**Exercise description:**
Work through the data below and copy out every line where "Question" is found.

[Stored dataset items]
========

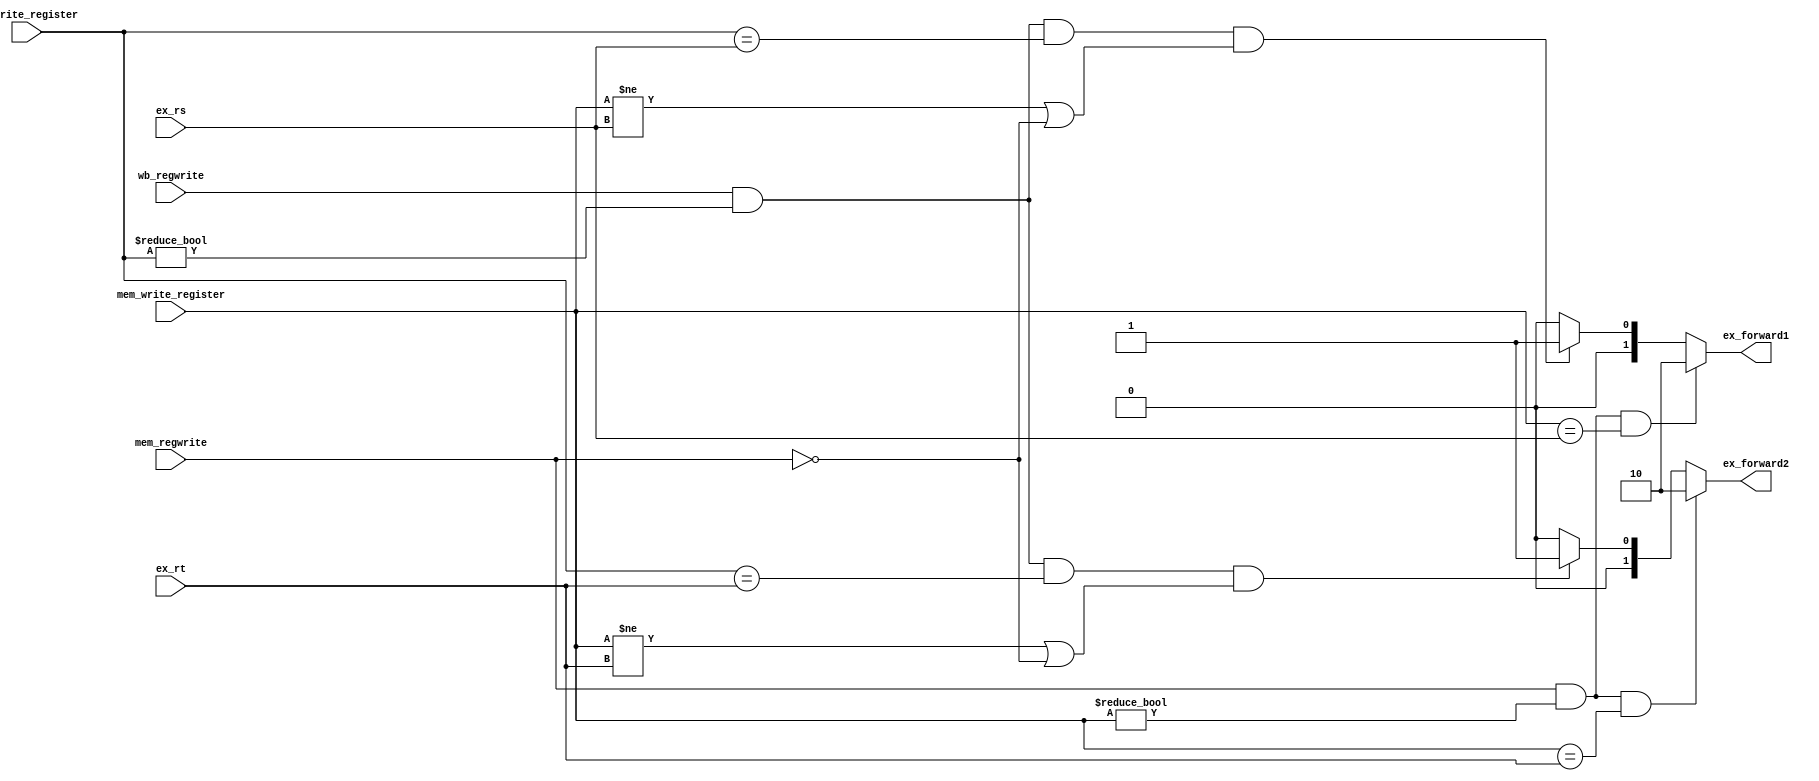
`timescale 1ns / 1ps
//////////////////////////////////////////////////////////////////////////////////
// Company: 
// Engineer: 
// 
// Design Name: 
// Module Name: EX_FORWARD
// Project Name: 
// Target Devices: 
// Tool Versions: 
// Description: 
// 
// Dependencies: 
// 
// Revision:
// Revision 0.01 - File Created
// Additional Comments:
// 
//////////////////////////////////////////////////////////////////////////////////


module EX_FORWARD(
    input wire mem_regwrite,
    input wire[4:0] mem_write_register,
    input wire[4:0] ex_rs,
    input wire[4:0] ex_rt,
    input wire wb_regwrite,
    input wire[4:0]wb_write_register,
    output reg[1:0]ex_forward1,
    output reg[1:0]ex_forward2
    );
    always@(*)begin
    if(mem_regwrite && mem_write_register!=0&& mem_write_register==ex_rs )
    ex_forward1 = 2'b10;
    else if(wb_regwrite &&  wb_write_register!=0&&wb_write_register==ex_rs && (mem_write_register !=ex_rs || mem_regwrite!=1))
    ex_forward1 = 2'b01;
    else
    ex_forward1 = 2'b00;
    
    if(mem_regwrite && mem_write_register!=0&&mem_write_register == ex_rt)
    ex_forward2 = 2'b10;
    else if(wb_regwrite && wb_write_register!=0 &&wb_write_register == ex_rt&&(mem_write_register !=ex_rt ||mem_regwrite !=1))
    ex_forward2 = 2'b01;
    else
    ex_forward2 = 2'b00;
    end
endmodule
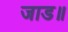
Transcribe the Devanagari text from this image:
जाड॥
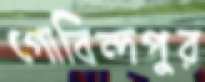
গোবিন্দপুর
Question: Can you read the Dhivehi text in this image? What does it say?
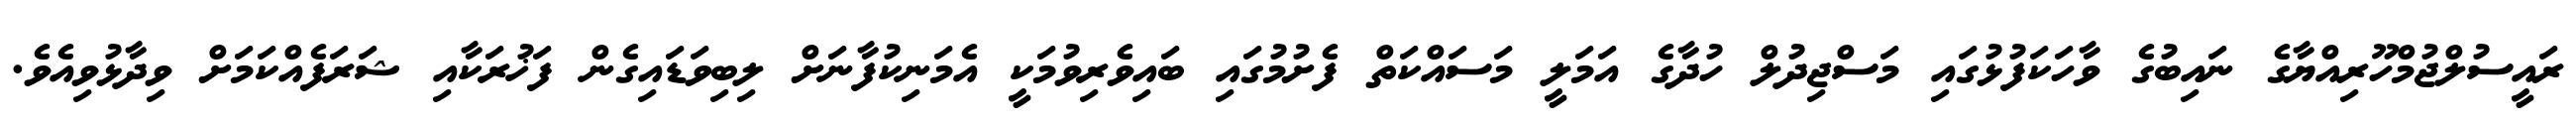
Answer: ރައީސުލްޖުމްހޫރިއްޔާގެ ނައިބުގެ ވާހަކަފުޅުގައި މަސްޖިދުލް ހުދާގެ އަމަލީ މަސައްކަތް ފެށުމުގައި ބައިވެރިވުމަކީ އެމަނިކުފާނަށް ލިބިވަޑައިގެން ފަޚުރަކާއި ޝަރަފެއްކަމަށް ވިދާޅުވިއެވެ.
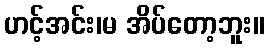
ဟင့်အင်း၊မ အိပ်တော့ဘူး။
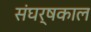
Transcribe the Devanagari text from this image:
संघर्षकाल
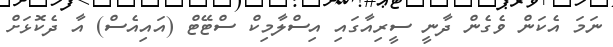
ނަމަ އެކަން ވެގެން ދާނީ ސީރިއާގައި އިސްލާމިކް ސްޓޭޓް (އައިއެސް) އާ ދެކޮޅަށް
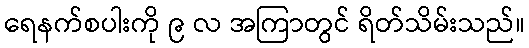
ရေနက်စပါးကို ၉ လ အကြာတွင် ရိတ်သိမ်းသည်။
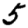
Digit: 5
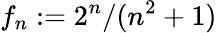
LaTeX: f_{n}:=2^{n}/(n^{2}+1)
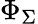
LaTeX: \Phi_{\Sigma}
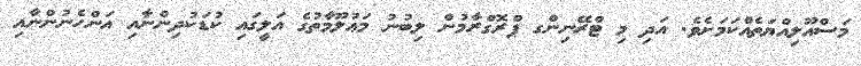
މަސްއޫލިއްޔަތެއްކަމަށެވެ. އަދި މި ޓްރޭނިންގ ޕްރޮގްރާމުން ލިބުނު މަޢުލޫމާތުގެ އަލީގައި ކުޑަކުދިންނާއި އަންހެނުންނާއި
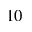
1 0
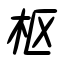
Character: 枢
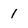
Character: 1
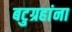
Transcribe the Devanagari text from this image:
बटुग्रहांना
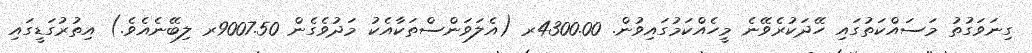
ގިނަވަގުތު މަސައްކަތުގައި ހޭދަކުރެވޭނެ މީހެއްކަމުގައިވުން. 4300.00ރ (އެލަވަންސްތަކާއެކު މަދުވެގެން 9007.50ރ ލިބޭނެއެވެ.) އިތުރުގަޑީގައި
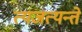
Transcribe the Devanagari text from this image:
त्यजत्यन्ते
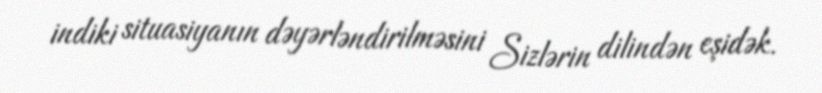
indiki situasiyanın dəyərləndirilməsini Sizlərin dilindən eşidək.
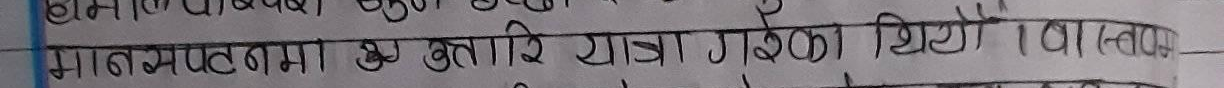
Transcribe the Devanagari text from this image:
मानवपद्मा दुई बुताले यात्रा गरेका थिए ।
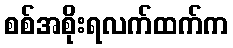
စစ်အစိုးရလက်ထက်က
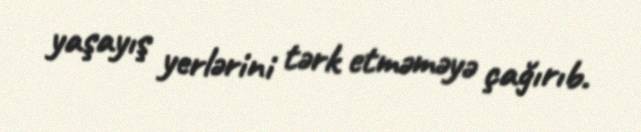
yaşayış yerlərini tərk etməməyə çağırıb.
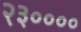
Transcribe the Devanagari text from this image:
२३००००
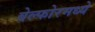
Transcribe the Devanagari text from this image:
बेल्फोरमध्ये
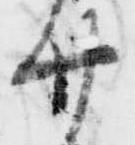
廿
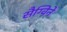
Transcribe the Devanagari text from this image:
सैग्विने
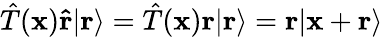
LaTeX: {\hat{T}}(\mathbf{x})\mathbf{\hat{r}}|\mathbf{r}\rangle={\hat{T}}(\mathbf{x})\mathbf{r}|\mathbf{r}\rangle=\mathbf{r}|\mathbf{x}+\mathbf{r}\rangle
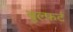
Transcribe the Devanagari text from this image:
बुल्फ़र्ट
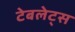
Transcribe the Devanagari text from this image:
टेबलेट्स
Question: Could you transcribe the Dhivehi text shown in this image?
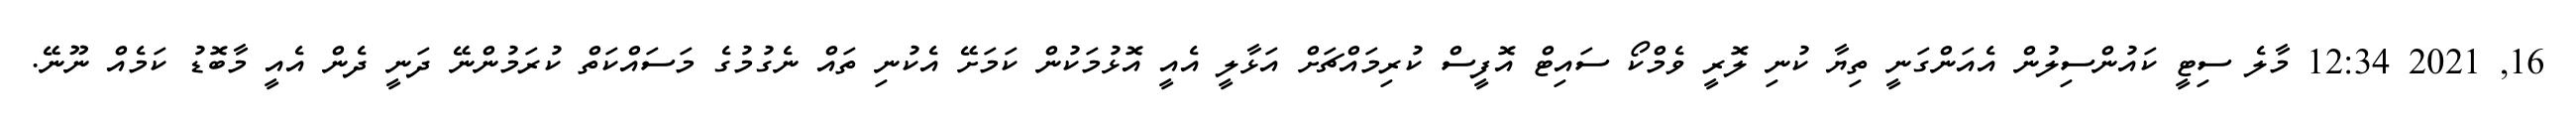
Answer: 16, 2021 12:34 މާލެ ސިޓީ ކައުންސިލުން އެއަންގަނީ ތިޔާ ކުނި ލޮރީ ވެމްކޯ ސައިޓް އޮފީސް ކުރިމައްޗަށް އަޅާލީ އެއީ އޮޅުމަކުން ކަމަށޭ އެކުނި ތައް ނެގުމުގެ މަސައްކަތް ކުރަމުންނޭ ދަނީ ދެން އެއީ މާބޮޑު ކަމެއް ނޫނޭ.
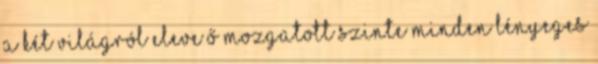
a két világról eleve ő mozgatott szinte minden lényeges
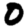
Digit: 0
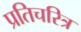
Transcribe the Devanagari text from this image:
प्रतिचरित्र
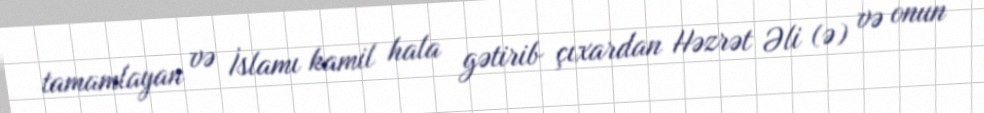
tamamlayan və İslamı kamil hala gətirib çıxardan Həzrət Əli (ə) və onun
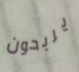
يربحون
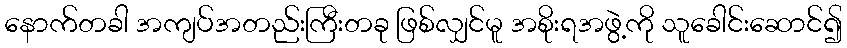
နောက်တခါ အကျပ်အတည်းကြီးတခု ဖြစ်လျှင်မူ အစိုးရအဖွဲ့ကို သူခေါင်းဆောင်၍
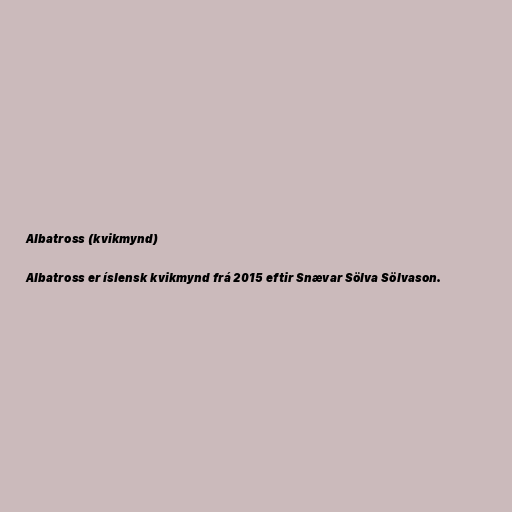
Albatross (kvikmynd)

Albatross er íslensk kvikmynd frá 2015 eftir Snævar Sölva Sölvason.
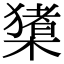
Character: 橥
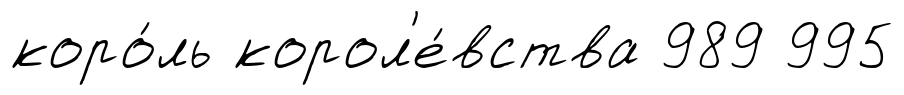
коро́ль корол'е́вства 989 995
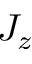
J _ { z }
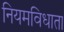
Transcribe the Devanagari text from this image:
नियमविधाता
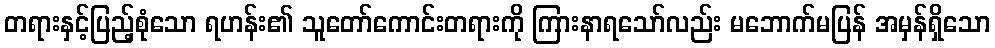
တရားနှင့်ပြည့်စုံသော ရဟန်း၏ သူတော်ကောင်းတရားကို ကြားနာရသော်လည်း မဘောက်မပြန် အမှန်ရှိသော
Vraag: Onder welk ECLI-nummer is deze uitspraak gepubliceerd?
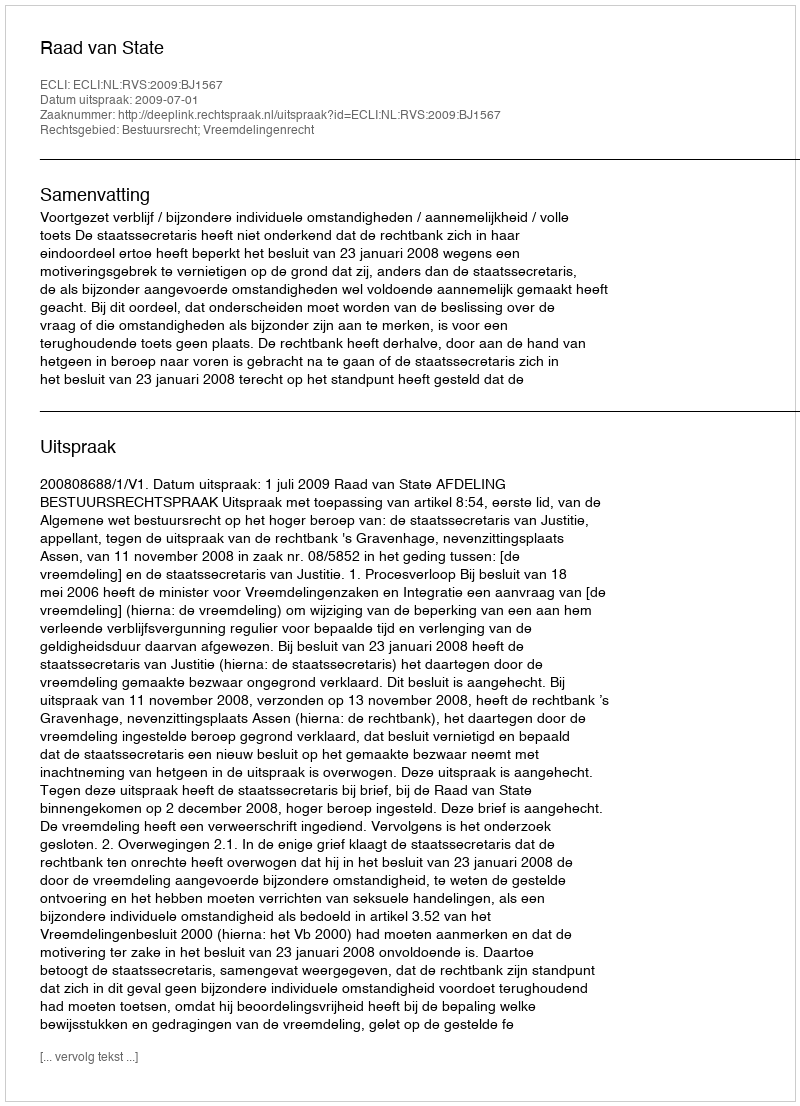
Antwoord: ECLI:NL:RVS:2009:BJ1567
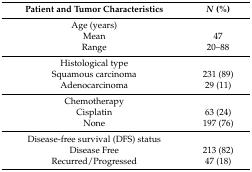
<table><thead><tr><td><b>Patient and Tumor Characteristics</b></td><td><b><i>N</i> (%)</b></td></tr></thead><tbody><tr><td>Age (years)</td><td></td></tr><tr><td>Mean</td><td>47</td></tr><tr><td>Range</td><td>20–88</td></tr><tr><td>Histological type</td><td></td></tr><tr><td>Squamous carcinoma</td><td>231 (89)</td></tr><tr><td>Adenocarcinoma</td><td>29 (11)</td></tr><tr><td>Chemotherapy</td><td></td></tr><tr><td>Cisplatin</td><td>63 (24)</td></tr><tr><td>None</td><td>197 (76)</td></tr><tr><td>Disease-free survival (DFS) status</td><td></td></tr><tr><td>Disease Free</td><td>213 (82)</td></tr><tr><td>Recurred/Progressed</td><td>47 (18)</td></tr></tbody></table>
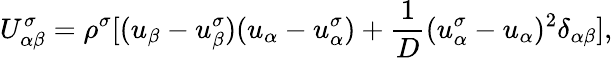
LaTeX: U_{\alpha\beta}^{\sigma}=\rho^{\sigma}[(u_{\beta}-u_{\beta}^{\sigma})(u_{\alpha}-u_{\alpha}^{\sigma})+\frac{1}{D}(u_{\alpha}^{\sigma}-u_{\alpha})^{2}\delta_{\alpha\beta}],
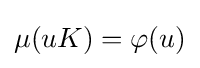
\mu (uK)=\varphi (u)
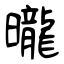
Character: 曨
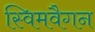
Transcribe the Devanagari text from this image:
स्विमवैगन
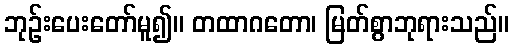
ဘုဉ်းပေးတော်မူ၍။ တထာဂတော၊ မြတ်စွာဘုရားသည်။
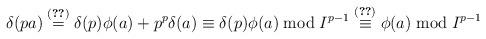
LaTeX: \begin{align*}\delta(pa) &\stackrel{(\ref{prod})}{=} \delta(p)\phi(a) + p^p\delta(a) \stackrel{}{\equiv} \delta(p)\phi(a) \bmod I^{p-1} \stackrel{(\ref{1})}{\equiv} \phi(a) \bmod I^{p-1} \end{align*}
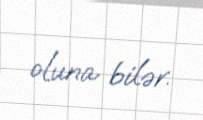
oluna bilər.
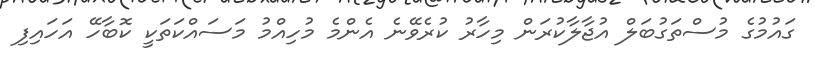
ގައުމުގެ މުސްތަގުބަލް އުޖާލާކުރަން މިހާރު ކުރެވޭނެ އެންމެ މުހިއްމު މަސައްކަތަކީ ކޮބާހޭ އަހައިފި
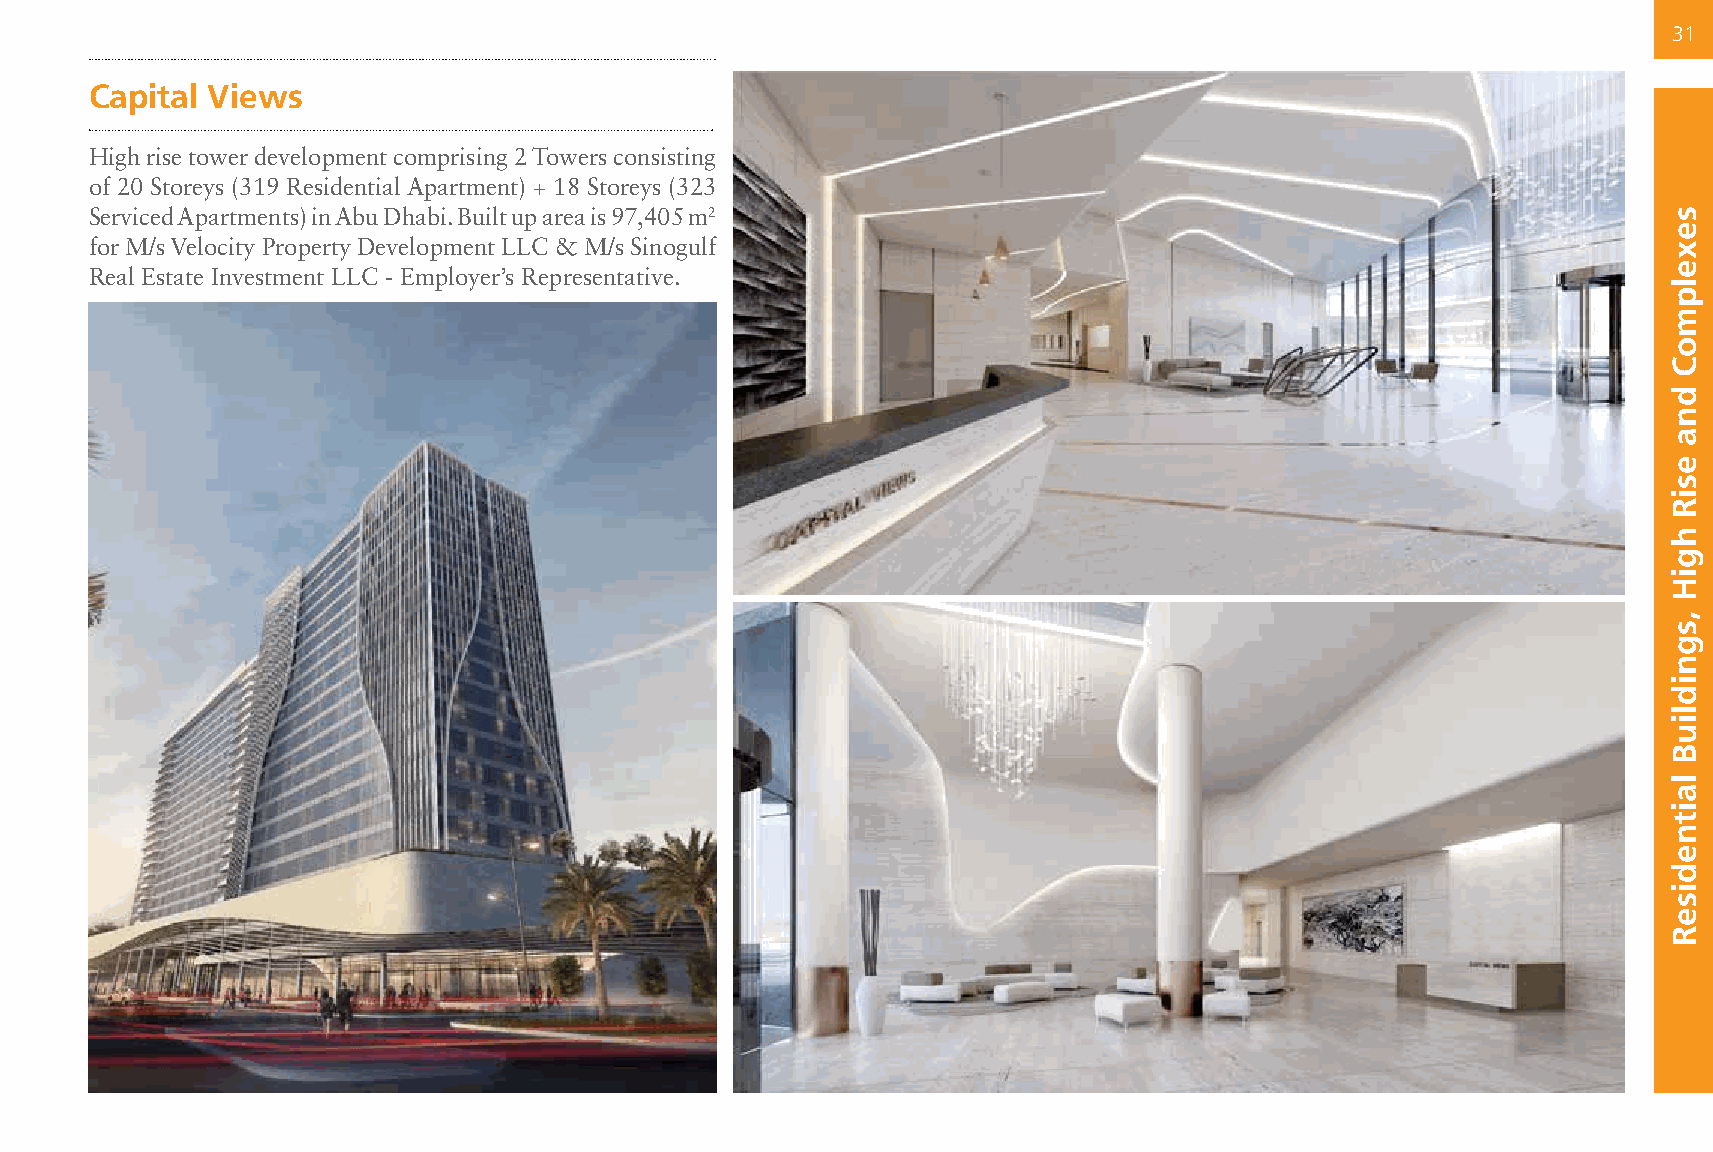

========

**Answer below:**
Question: Can you read the Dhivehi text in this image? What does it say?
Question: Could you transcribe the Dhivehi text shown in this image?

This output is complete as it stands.